In what was billed as the "Great Ocean Yacht Race", when three wealthy American men took their yachts on a mid-winter transatlantic race across the Atlantic in December 1866. The three yachts were the Vesta owned by Pierre Lorillard IV, the Fleetwing owned by George and Franklin Osgood and the Henrietta owned by the 21-year-old yachtsman James Gordon Bennett Jr. Each yachtsman put up $30,000 in the winner-take-all wager. They started from Sandy Hook Light, during high westerly winds and raced to The Needles, the furthest westerly point of the Isle of Wight in the English Channel, before reaching the seaport Cowes on the Isle of Wight. Bennett's Henrietta won with a time of 13 days, 21 hours, 55 minutes, with Captain Samuel S. Samuels as the skipper. The Fleetwing and Vesta took over 14 days to reach Cowes. After his win, Bennett bought the rival yacht, the Fleetwing, for $65,000 and named her the Dauntless.
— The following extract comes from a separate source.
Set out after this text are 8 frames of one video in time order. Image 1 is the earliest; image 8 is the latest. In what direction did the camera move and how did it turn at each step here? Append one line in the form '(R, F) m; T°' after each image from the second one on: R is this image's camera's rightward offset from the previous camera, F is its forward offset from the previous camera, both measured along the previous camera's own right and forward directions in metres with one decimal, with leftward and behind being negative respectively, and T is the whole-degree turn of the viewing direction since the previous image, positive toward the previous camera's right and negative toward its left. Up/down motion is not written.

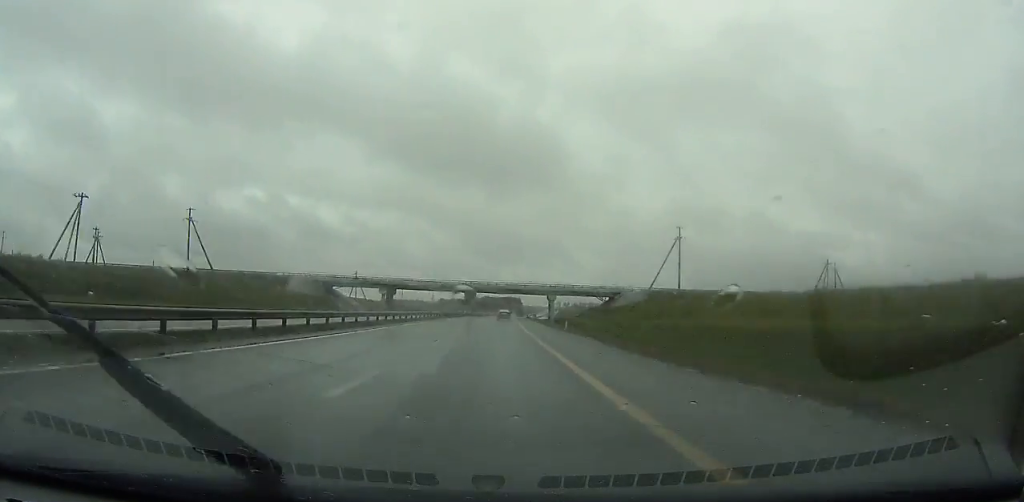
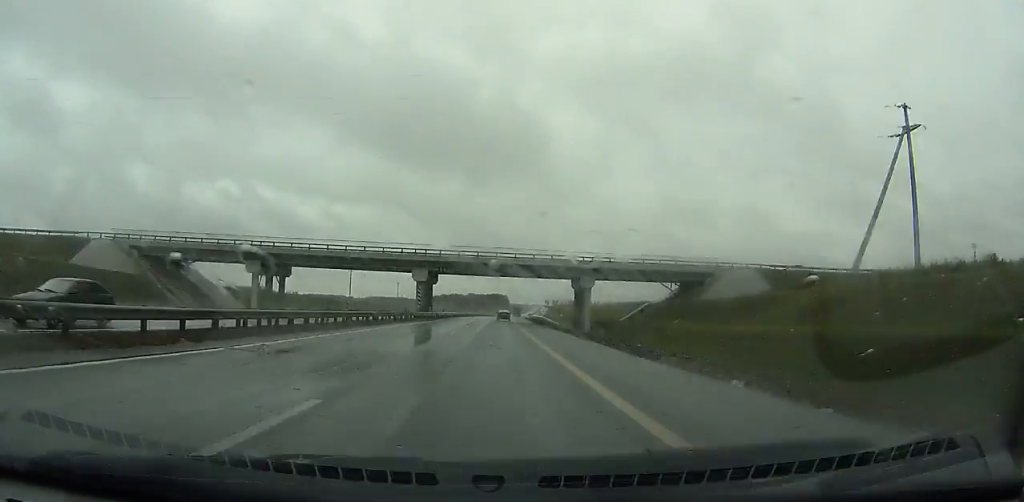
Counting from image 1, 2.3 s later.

After the race, on January 1, 1867, Commodore McVickar of the New York Yacht Club and Mr. Bennett, of the Henrietta had a personal meeting with Queen Victoria at Osborne House.

==End of service==

In 1870, the Henrietta was sold for $16,000 to Captain Nickerson of Boston for fruit trade in West Indies. She was later sold again and used in the African trade and then transferred to New Orleans and the Bay Island Fruit company.

On December 16, 1872, the Henrietta was lost off the coast of Roatán, Honduras on her return voyage to New York during a heavy gale. Her crew were saved.